935 F.2d 270
Unpublished Disposition
NOTICE: Sixth Circuit Rule 24(c) states that citation of unpublished dispositions is disfavored except for establishing res judicata, estoppel, or the law of the case and requires service of copies of cited unpublished dispositions of the Sixth Circuit.
Mary NEWTON, Plaintiff-Appellant
v.
GENERAL MOTORS CORPORATION, Defendant-Appellee.
No. 90-4025.
United States Court of Appeals, Sixth Circuit.
June 13, 1991.
Before MERRITT, Chief Judge, and RALPH B. GUY, Jr. and RYAN, Circuit Judges.
MERRITT, Chief Judge.
Plaintiff appeals the order denying her motion to vacate the dismissal of her Title VII complaint for failure to comply with discovery rules. We hold that the district court has not abused its discretion in dismissing this action, and we AFFIRM.
In December of 1988, plaintiff filed a Title VII sex discrimination case against General Motors and others who are not parties to this appeal. In July of 1989 defendant General Motors served interrogatories and a request for production to which plaintiff has never responded.
On October 29, 1989, defendant sent plaintiff a notice of deposition duces tecum, requesting the same documents set out in the July discovery requests. Plaintiff appeared at the deposition, but brought no documents. Because of her inability to testify without the documents the deposition had to be adjourned. Her deposition was rescheduled to allow her to bring the documents with her. When she did not appear at that rescheduled deposition, the defendant filed its first motion to dismiss and for sanctions.
That first motion to dismiss was considered by the trial court at the first pretrial conference on November 20, 1989. Plaintiff admits she attended this pretrial conference. At that time the District Court stated it would delay ruling on the motion to see if the plaintiff would cooperate with discovery thereafter.
The day after the pretrial conference, the plaintiff and her attorney appeared at the offices of counsel for defendant with boxes of documents. Defendant claims that the documents so delivered did not answer the request for production; plaintiff does not dispute this.
During the next three months, the issue of document production and discovery remained in dispute and defendant filed a supplement to the motion to dismiss in February of 1990. No answer to the supplemental motion was filed and on March 16, 1990, the trial court granted the motion. Thereafter the plaintiff filed the motion to vacate the dismissal of her action.
Plaintiff has never answered the discovery requests. She alleges no error in the trial court's finding that the boxes of documents did not respond to the request, nor the finding that the failure to produce was her fault. It is upon those findings and the plaintiff's failure to appear for deposition that we hold the trial court was within its discretion to dismiss the complaint.

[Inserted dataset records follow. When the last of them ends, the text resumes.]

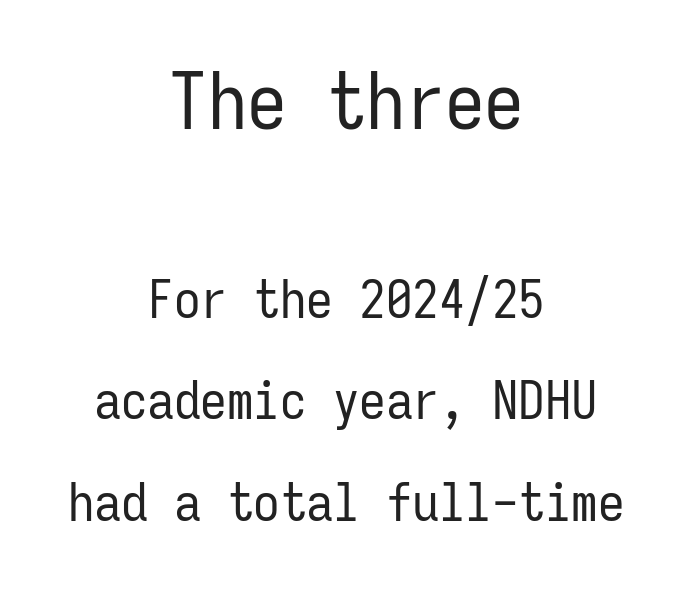
Q: Is the text bold? A: No.
Q: Is the text italic (slanted)? A: No, it is upright.
Q: Is the typeface a serif or a sans-serif typeface? A: Sans-serif.
Q: Is the text underlined? A: No.
Q: How is the paragraph aligned? A: Centered.
Q: Is the spacing between letters normal or unusually wide? A: Normal.
Q: Is the spacing between lines tight, normal or loose? A: Loose.
Q: Which block of text is set in a larger size, the first (top) or the second (bottom)? A: The first (top) one.
Q: Width (condensed, normal, or wide)? A: Condensed.
Q: Stroke contrast? A: Low.
Q: x-height? A: Medium.
Q: Monospaced? A: Yes.
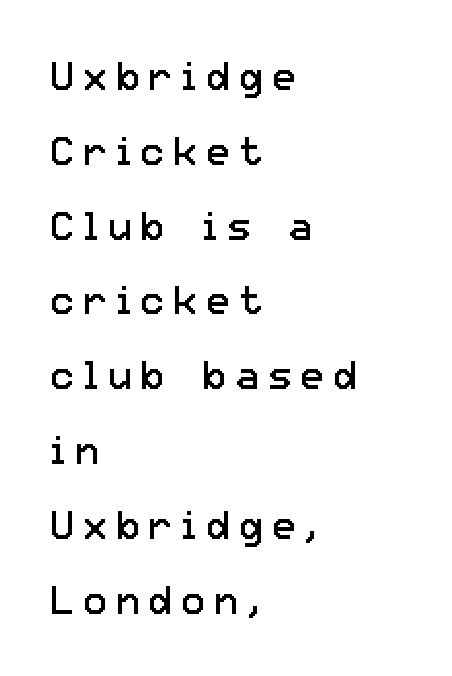
{"serif": "no", "italic": "no", "bold": "no", "weight": "regular", "width": "normal", "stroke_contrast": "low", "x_height": "medium", "monospaced": "no", "underline": "no", "align": "left", "line_spacing_ratio": 1.87, "letter_spacing": "wide", "letter_spacing_em": 0.22, "glyph_px": 40}
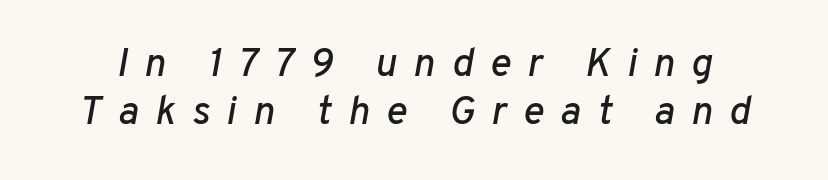
{"italic": "yes", "lean": "right", "slant_degrees": 10, "width": "normal", "stroke_contrast": "low", "x_height": "medium", "monospaced": "no", "underline": "no", "line_spacing_ratio": 1.19, "letter_spacing": "wide", "letter_spacing_em": 0.41, "glyph_px": 40}
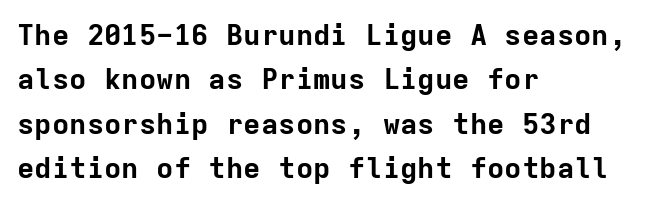
The gap between lines stays unmarked. Caption: standard tracking, unaltered. Line starts are locked; line ends wander. Do the characters align in a grid? Yes, the font is monospaced. Look at the bottom of the vertical strokes: they stop flat, with no serifs.
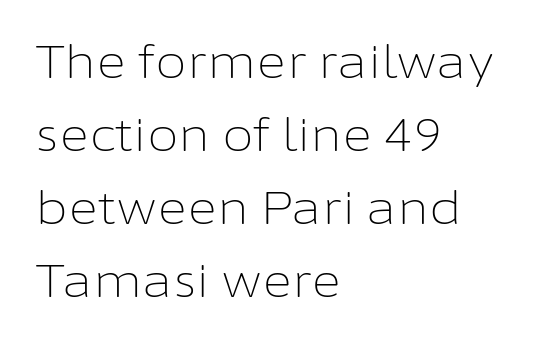
The face used here is proportionally spaced, like ordinary book or web type. Here the glyphs are tracked normally, forming tight word shapes. Interline gaps are of average width in this sample. In terms of posture, this sample is upright.
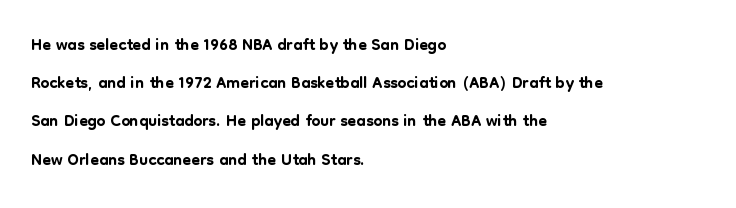
Descenders hang freely into open space. Teacher's note: observe the even left margin — that is flush-left alignment. The vertical gap from one line to the next is medium. If you drew a line through each stem, it would be perfectly vertical. The letters sit at their default tracking, neither squeezed nor spread.
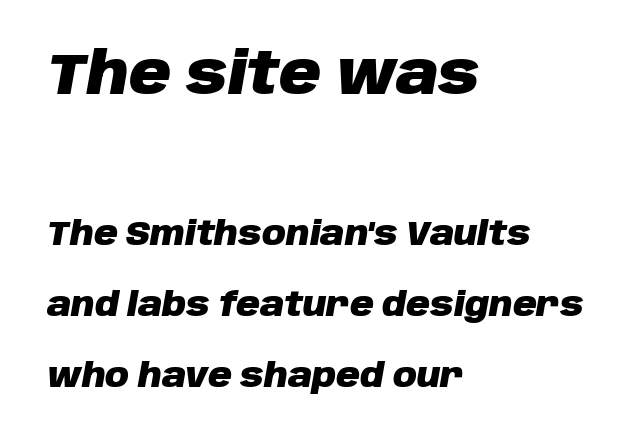
Q: Is the text bold? A: Yes.
Q: Is the text italic (slanted)? A: Yes, it leans right by about 10 degrees.
Q: Is the text underlined? A: No.
Q: How is the paragraph aligned? A: Left-aligned.
Q: Is the spacing between letters normal or unusually wide? A: Normal.
Q: Is the spacing between lines tight, normal or loose? A: Loose.
Q: Which block of text is set in a larger size, the first (top) or the second (bottom)? A: The first (top) one.
Q: Width (condensed, normal, or wide)? A: Normal.
Q: Stroke contrast? A: Low.
Q: x-height? A: Large.
Q: Monospaced? A: No.

"Dismissal of an action for failure to cooperate in discovery is a sanction of last resort that may be imposed only if the court concludes that a party's failure to cooperate in discovery is due to willfulness, bad faith, or fault." Regional Refuse Systems v. Inland Reclamation Co., 842 F.2d 150, 153-154 (6th Cir.1988); Patton v. Aerojet Ordnance Co., 765 F.2d 604, 607 (6th Cir.1985). Considerations are whether the sanctioned behavior is that of the dismissed party or that party's lawyer, whether the adversary has been prejudiced by the failure to cooperate in discovery, whether the dismissed party has been warned of the consequences of failure to cooperate, and whether less drastic sanctions were imposed or considered before dismissal was ordered. Regional Refuse, 842 F.2d at 155. The order of dismissal should articulate the court's resolution of these factual, legal and discretionary issues. Patton, 705 F.2d at 608.
The order of dismissal found that plaintiff twice failed to appear for deposition and has never answered defendant's discovery requests despite the Court's warning in November of 1990 that she must do so. The order found that defendant had been prejudiced by plaintiff's failure to disclose the substance of her case and that the fault is plaintiff's rather than her lawyer's. Having fully articulated its finding and conclusions, the District Court's order is in complete accord with Patton, 765 F.2d at 608, and with Regional Refuse, 842 F.2d at 150.
Plaintiff admits she attended every pretrial conference; thus, it is clear that she was warned. That admonition also constitutes a first attempt at a lesser sanction. She offers no excuse for her failure to answer interrogatories or for her failure to heed the court's warning.
We have considered plaintiff's charge that defendants have also failed to answer her second set of interrogatories. No motion to compel has been filed or ruled upon in the trial court and such allegation is in any case immaterial to good cause for plaintiff's behavior.
Accordingly, the order of the district court denying plaintiff's motion to vacate the dismissal of her complaint is AFFIRMED.